Social Issues

People keep asking: Why does press say 'religious left,' as opposed to 'Religious Left'?

People keep asking: Why does press say 'religious left,' as opposed to 'Religious Left'?

Every now and then, readers — or people I meet in daily life — ask this question: Why do journalists write so much about the Religious Right (capital letters), while devoting way less digital ink to the actions, policies and beliefs of the religious left (no capital letters).

That is a complex question and you can hear me struggling with it all the way through this week’s “Crossroads” podcast (click here to tune that in). The hook for this episode was my post that ran with this headline: “Thinking with David Briggs and Ryan Burge: Whoa, is religious left really on rise (again)?

For starters, people tend to ask this question every four or eight years (hint, hint), when the mainstream press does another round of stories about the religious left surging into action in an attempt to counterbalance the nasty Religious Right.

The Religious Right, you see, exists all the time — because it is one of the largest camps inside the modern Republican Party. The religious left doesn’t play the same role in the Democratic Party, unless we are talking about the importance of politically (as opposed to doctrinally) liberal black-church leaders in strategic primary elections. You can ask Joe Biden about that this time around.

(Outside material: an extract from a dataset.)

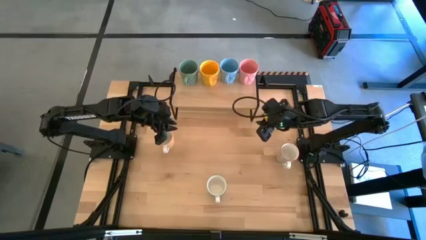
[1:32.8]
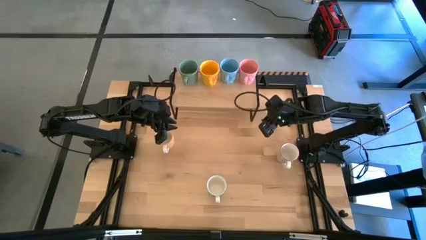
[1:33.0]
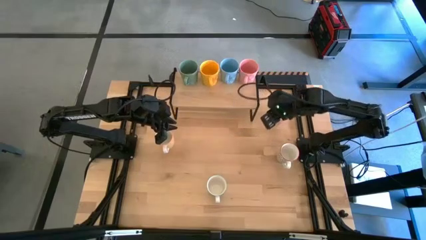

I guess the simple answer to the “RR” vs. “rl” question is that journalists tend to capitalize the names of groups that they see as major political or social movements — like the Civil Rights movement or the Sexual Revolution.

The religious left, you see, isn’t a “movement” that exists all the time — in my experience — for many mainstream journalists. The religious left is just ordinary, good, liberal religious people doing things that are positive and logical in the eyes of gatekeepers in newsrooms. This is “good” religion.

The Religious Right, on the other hand, is a powerful political movement consisting of strange, scary evangelicals who keep coming out of the rural backwoods to threaten normal life in American cities. This is “bad,” even dangerous, religion.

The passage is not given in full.